Current Research


Timber-Concrete Composite Connector Systems

Timber-Concrete Composite systems have been employed as an efficient solution in medium span structural applications; their use remains largely confined to European countries. A large number of precedents for T-beam configurations exist; however, the growing availability of flat plate engineered wood products offers greater versatility in terms of floor plans and architectural expression in modern timber and hybrid structures. A research program investigates the performance of five different connector types (a post-installed screw system, cast-in screws, glued-in steel mesh, adhesive bonded, and mechanical interlocking) in Cross-Laminated-Timber, Laminated-Veneer-Lumber, and Laminated-Strand-Lumber. UBC TCC Test Report


Connections with Multiple Glued-in Rods

Most previous research has focused on testing single rod joints to evaluate the influence of various connection parameters. In practice, however, multiple steel rods are required to transfer the loads from one structural component to the next. This project investigates joints composed of glued-in steel rods in glue-laminated timber. The influence of the anchorage length was studied to establish performance benchmarks; then joints with multiple rods (two, three and four rods with the spacing between rods varied) were manufactured and tested under uniaxial quasi-static tension loading.


Timber Rivets in Laminated Veneer Lumber

Timber Rivets are oval-shaped nails made from high-strength steel that allow for strong and ductile timber connections. Significant research has been conducted regarding the application of Timber Rivets to Laminated Veneer Lumber (LVL). As a result, the Johansen Yield Model has been complemented with new failure models and design equations that predict brittle failure modes. Recently, new vertically laminated LVL products are available on the marked that can be used in beam applications. The objective of the research was to evaluate the feasibility of using the novel models to predict the failure modes and capacities of Timber Rivet connections in LVL.

FFTT connection

Connection for timber-steel hybrid system

Hybrid systems have grown in popularity over the past years but the lack of established design guidelines has delayed the construction of the hybrid structures. This project focuses on the detailed design of hybrid systems through an experimental study on an innovative timber-steel hybrid system called “FFTT”. The system relies on CLT wall panels for gravity and lateral load resistance and embedded steel sections for ductility under earthquake loads.
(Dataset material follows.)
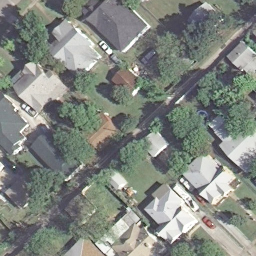
Label: residential
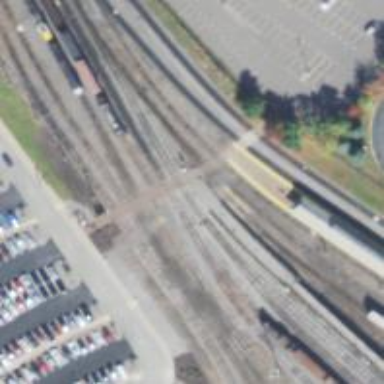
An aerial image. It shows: Crossing for the railway.

An important step towards the practical application of the system is obtaining the proof that the connections facilitate the desired ductile failure mode.

FFTT system

Nonlinear dynamic analyses of timber-steel-hybrid system

Climate change has increased the demand for designing structures with more sustainable materials. The “Finding the Forest Through the Trees” (FFTT) system is a new hybrid system for high rise structures which combines the advantages of timber and steel as building materials. This research focuses on utilizing finite element models to capture the seismic response of the FFTT system and help developing practical design guidance.

CLT shear connection

High performance CLT shear connection

The research investigated the feasibility of using STS assemblies for the shear connection of the CLT roof diaphragm of a large storage facility where a high-performance and low-manufacturing-cost solution was required. Full-scale specimens were subjected to quasi-static and reversed-cyclic loading. Excellent structural performance in terms of strength and stiffness was obtained while still providing the required ductility for the system to be used in seismic applications. The data obtained from the testing will allow engineers to specify lateral load resisting systems for large scale CLT structures.
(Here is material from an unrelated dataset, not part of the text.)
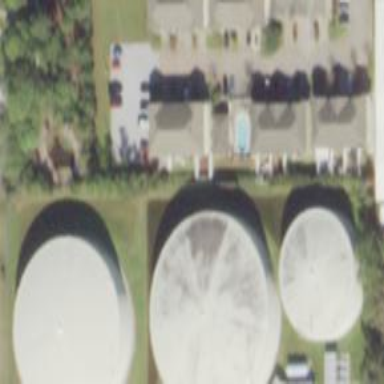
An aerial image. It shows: Building with man-made water storage tank.
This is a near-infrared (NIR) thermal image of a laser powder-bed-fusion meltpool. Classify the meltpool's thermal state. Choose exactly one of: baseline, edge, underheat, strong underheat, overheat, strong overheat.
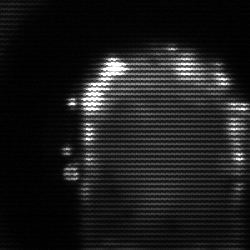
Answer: baseline

Design tool for adhesively bonded joints

The research aims to offer a reliable, robust and practical design tool for dimensioning load bearing adhesively bonded timber joints for structural applications, either between timber members, but also between timber and other materials, as fiber
reinforced polymers and steel, considering static short and long-term, climate and fatigue load. The research is funded by the Swiss National Science Foundation, and carried out in collaboration with structural engineers and architects from Switzerland, mechanical engineers from Portugal, and reliability specialists from Norway.

Use of off-axis samples

For brittle materials such as wood under tension and shear loading, statistically based size effects on strength are adequately explained by theories such as the Weibull theory. The material parameters needed to formulate a failure criterion can be determined according to standard tests on samples exhibiting radically different shapes and volumes. An increase of accuracy can be obtained by using a less disparate set of tests to determine the material strengths; e.g. with off-axis samples that are identical in geometry and volume, and allow formulating failure criteria more straightforwardly.

Timber Joints with Glued-in Rods

Timber joints with glued-in rods constitute a promising solution for numerous structural applications; in Canada they are, however, not yet widely used, partially for a lack of design guidance and the use of very conservative empirical safety factors. Such joints are used firstly to transfer forces between structural members and secondly to repair damaged parts, and have a series of advantages, e.g., the formation of very stiff connections, good fire properties and improved aesthetics. The research is funded through a NSERC grant.